The circumcenter (center of circumscribed circle) of the triangle $ ABC $ is point:
$$ \left(\dfrac{ 15 }{ 2 },~\dfrac{ 1205 }{ 72 }\right) $$explanation
The circumcenter of a triangle is given by:
$$ C = \left( ~ \frac{\begin{vmatrix} A_x^2 + A_y^2 & A_y & 1 \\ B_x^2 + B_y^2 & B_y & 1 \\ C_x^2 + C_y^2 & C_y & 1 \\ \end{vmatrix}} {2 \cdot \begin{vmatrix} A_x & B_y & 1 \\ B_x & B_y & 1 \\ C_x & C_y & 1 \\ \end{vmatrix}}~,~ \frac{\begin{vmatrix} A_x & A_x^2 + A_y^2 & 1 \\ B_x & B_x^2+B_y^2 & 1 \\ C_x & C_x^2+C_y^2 & 1 \\ \end{vmatrix}} {2 \cdot \begin{vmatrix} A_x & B_y & 1 \\ A_x & B_y & 1 \\ C_x & C_y & 1 \\ \end{vmatrix}}~ \right) $$where $ A_x $ and $ A_y $ are $ x $ and $ y $ coordinates of the point $ A $ , $ B_x $ and $ B_y $ are $ x $ and $ y $ coordinates of the point $ B $ etc..

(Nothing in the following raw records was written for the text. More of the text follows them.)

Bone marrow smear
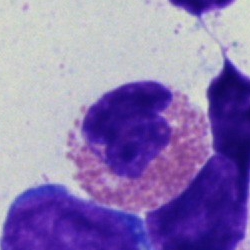 Specimen: bone marrow smear.
Classification: eosinophilic granulocyte.
Lineage: myeloid.
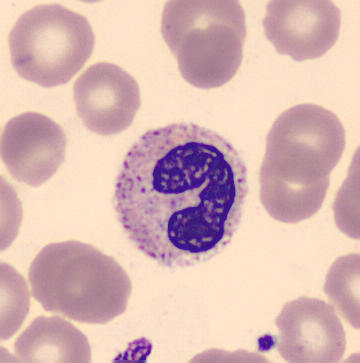Specimen: peripheral blood smear.
Morphological class: band-form neutrophil.
Lineage: myeloid.
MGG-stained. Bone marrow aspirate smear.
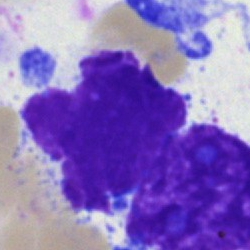

Single cell identified as an artefact.
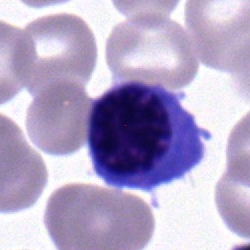Specimen: bone marrow smear.
Cell type: nucleated red cell.
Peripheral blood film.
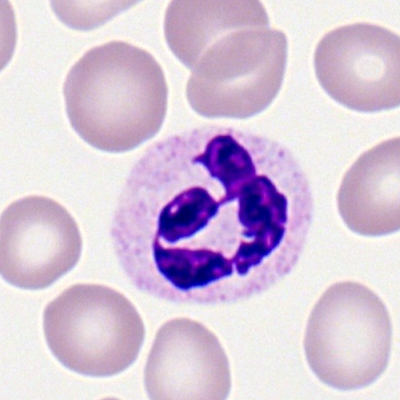Classification = segmented neutrophil.
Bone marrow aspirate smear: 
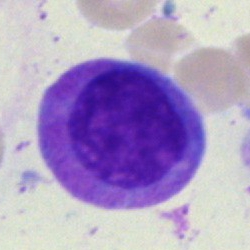

Q: What is shown here?
A: Promyelocyte.
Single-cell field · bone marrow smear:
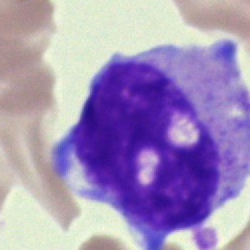 This is an unidentifiable cell.
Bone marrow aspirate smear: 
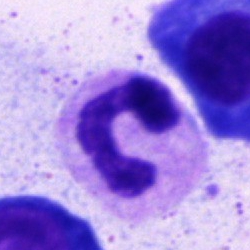 Impression — neutrophil (band).
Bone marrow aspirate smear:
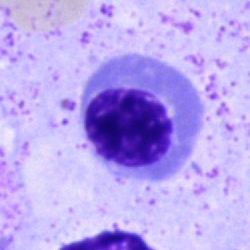

Morphological class = normoblast.

In this example we have : $ A_x = -\frac{ 5 }{ 3 } $ , $ A_y = \frac{ 245 }{ 9 } $ , $ B_x = 15 $ , $ B_y = 5 $ , $ C_x = 0 $ and $ C_y = 5 $ .
When we insert these values into the formula, we obtain the given result.